Druid realtime tasks created by Tranquility Server runs for incorrect duration

Hello,

I have been trying out druid over past few days. I have some questions related to “realtime” tasks in druid which are created by tranquility server.

Versions:

druid: 0.12.3

tranquility: 0.8.2

zookeeper: 3.4.10

My tranquility configuration is specified below:

{

“dataSources” : {

“pageviews” : {

“spec”
: {

“dataSchema” : {

“dataSource” : “pageviews”,

“parser”
: {

“type” : “string”,

“parseSpec” : {

“timestampSpec” : {

“column” : “time”,

“format” : “auto”

},

“dimensionsSpec” : {

“dimensions” : [“url”, “user”,
“os”],

“dimensionExclusions” : [

“time”

]

},

“format” : “json”

}

},

“granularitySpec” : {

“type” : “uniform”,

“segmentGranularity” : “fifteen_minute”,

“queryGranularity” : “fifteen_minute”

},

“metricsSpec” : [

{“name”: “views”, “type”:
“count”}

]

},

“ioConfig”
: {

“type” : “realtime”

},

“tuningConfig” : {

“type” : “realtime”,

“maxRowsInMemory” : “100000”,

“intermediatePersistPeriod” : “PT10M”,

“windowPeriod” : “PT13M”

}

},

“properties” : {

“task.partitions” : “1”,

“task.replicants” : “1”

}

}

},

“properties” : {

“zookeeper.connect” : “localhost”,

“druid.discovery.curator.path” : “/druid/discovery”,

“druid.selectors.indexing.serviceName” :
“druid/overlord”,

“http.port” : “8200”,

“http.threads” : “8”

}

}

``

As you can see :

windowPeriod : 13 Minutes

intermediatePersistPeriod: 10 Minutes

segmentGranularity & queryGranularity: 15 Minutes

I could send data over HTTP to tranquility server and was able to query druid without any issues.

However i noticed that the realtime tasks that get created run for longer duration that i would expect.

Following are the screenshots for a realtime task.

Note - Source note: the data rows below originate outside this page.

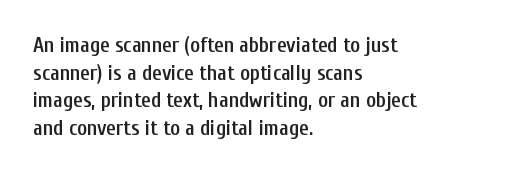
{"italic": "no", "bold": "semi", "underline": "no", "align": "left", "line_spacing": "normal", "line_spacing_ratio": 1.32, "letter_spacing": "normal", "letter_spacing_em": 0.0, "glyph_px": 21}
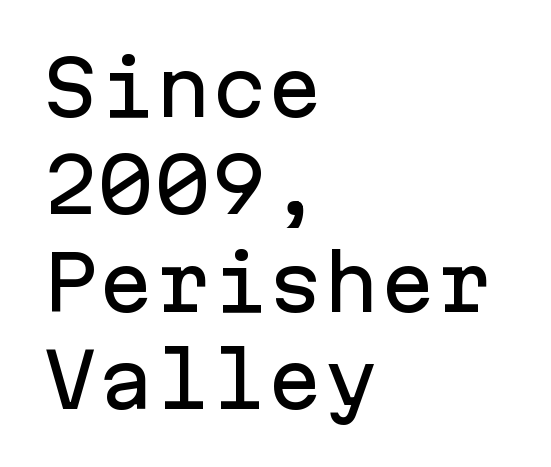
Vertical strokes here are truly vertical. Caption: multi-line text, flush left, ragged right. Words float on clear page, feet unadorned. Monospaced: the letters line up in strict vertical columns. Observe the absence of serifs on each vertical stroke in this sample. Compared with typical paragraphs, the rows here are spaced about the same.
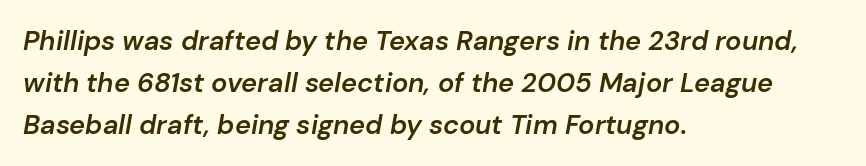
One-word summary of the alignment: left. Leading: standard. The line texture is even and compact thanks to regular tracking. The font is running at a semibold setting, under full bold.
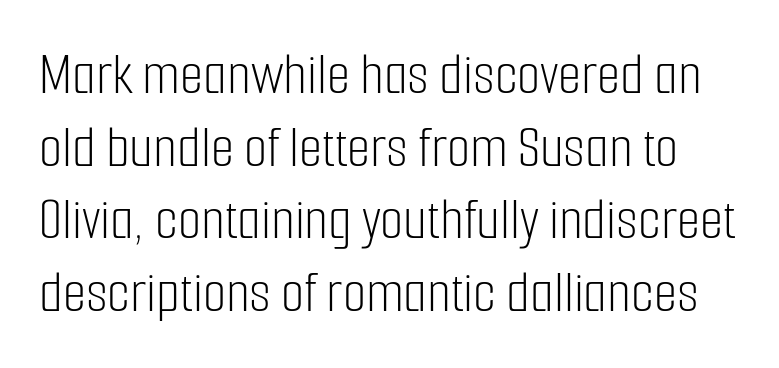
The image shows 60 px light, condensed sans-serif type, upright; set line spacing 1.21x, normal letter spacing, not underlined; low stroke contrast and a medium x-height.
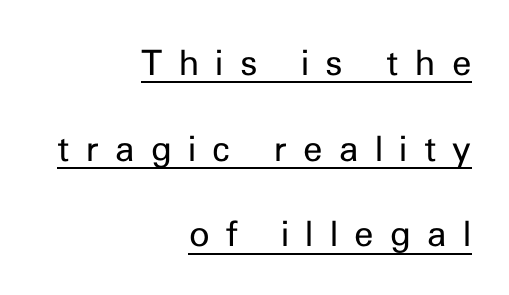
Q: Is the text bold? A: No.
Q: Is the text italic (slanted)? A: No, it is upright.
Q: Is the typeface a serif or a sans-serif typeface? A: Sans-serif.
Q: Is the text underlined? A: Yes.
Q: How is the paragraph aligned? A: Right-aligned.
Q: Is the spacing between letters normal or unusually wide? A: Unusually wide.
Q: Is the spacing between lines tight, normal or loose? A: Loose.
Q: Width (condensed, normal, or wide)? A: Normal.
Q: Stroke contrast? A: Low.
Q: x-height? A: Medium.
Q: Monospaced? A: No.

This task should receive data from 10.15 to 10.30 (segmentGranularity is 15 minutes).

when i checked the logs for this task i noticed following:

As can be seen the above task will stop at **2018-11-02T10:41:00.000Z. **

Question:

  1. How does druid arrives at this stop time? shouldn’t the task stop at 10.30 ? does this have anything to do with windowPeriod ? Even then windowPeriod is 13 Minutes.

I also noticed that after a task completes, we can see the datasource in the druid console as shown below. However if we send more data there would be more realtime tasks running ( see the image : Indexing tasks: 1 running). If you hover over the “pageviews” datasource, it says “no realtime tasks”. The realtime indexing task running, is for the “pageviews” datasource.

  1. Why does the console show “no realtime tasks” while there are realtime tasks running for a datasource?

Thanks,

Prathamesh

There is a grace period that being used on top of the window period, checkout
druidBeam.firehoseGracePeriod from https://github.com/druid-io/tranquility/blob/master/docs/configuration.md

Thanks Dan! I was puzzled by the shutdown time exceeding the window period. This cleared my doubt.